In the last grant period, we focused on the determinants of the selective vulnerability of substantia nigra (SN) dopaminergic (DA) neurons in Parkinson's disease (PD), building out the scientific foundation for the ongoing NINDS-sponsored, Phase 3 clinical trial with isradipine. These studies and those of others in the field clearly point to mitochondrial dysfunction as a key factor in PD pathogenesis. Our plan is to pursue this connection in a novel mouse model of PD pathogenesis that results from conditional deletion of the Ndufs2 subunit of mitochondrial complex I (MitoCI). These mice, which we refer to as MitoCI-Park mice, manifest a progressive, levodopa-responsive parkinsonism. We propose to use a battery of cutting-edge optical, electrophysiological, electrochemical, and transcriptomic tools to achieve three specific aims.
Our first aim i s to characterize the mechanisms driving the progressive dysfunction of SN DA neurons in presymptomatic MCI-Park mice. In this period, axonal release of DA declines and roughly half of the SN DA neurons lose their phenotype. Our working hypothesis is that deficits in axonal bioenergetics and retrograde mitochondrial signaling drive this progressive loss of function.
Our second aim i s to characterize the mechanisms driving the progressive loss of SN DA neurons in symptomatic MitoCI-Park mice. Our working hypothesis is that in addition to the mechanisms operating in the pre-symptomatic period, network dysfunction and activation of metabotropic glutamate receptors contribute to the pathology in this period.

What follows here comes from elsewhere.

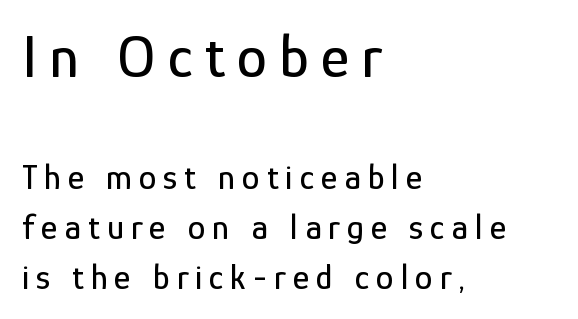
The axis of the letterforms is exactly vertical. A typesetter would label this face a sans. The letters advance in unequal steps, a hallmark of proportional type. Inter-character spacing is expanded well beyond the font's built-in metrics. Of the two passages, the one on top uses the larger point size.

Our third aim i s to determine whether parkinsonism in MitoCI-Park mice can be reversed by restoring mitochondrial function. Our working hypothesis is that the parkinsonian state in the MitoCI-Park mouse is driven initially by the down- regulation in the dopaminergic phenotype, not frank neuronal loss, and restoring MitoCI function will restore the phenotype and behavior.
These aims will be pursued in close collaboration with Projects 2 and 3. Linkage to other projects: Project 2 focus on a very similar set of questions in the MitoCI-Park mouse using a combination of in vivo and ex vivo network approaches that fully complement the more cellular approaches used here. Project 3 is focused on cell autonomous factors consequences of MitoCI dysfunction in human DA neurons, allowing not only species comparisons but also clear distinctions between cell autonomous and network mechanisms. Also, both Project 2 and 3 will pursue questions related to DA release, a major focus of this project; both projects will attempt Mito-CI rescue using the methods developed here. Thus, all three projects are tightly interconnected and will inform and cross-check the conclusions drawn from each set of experiments.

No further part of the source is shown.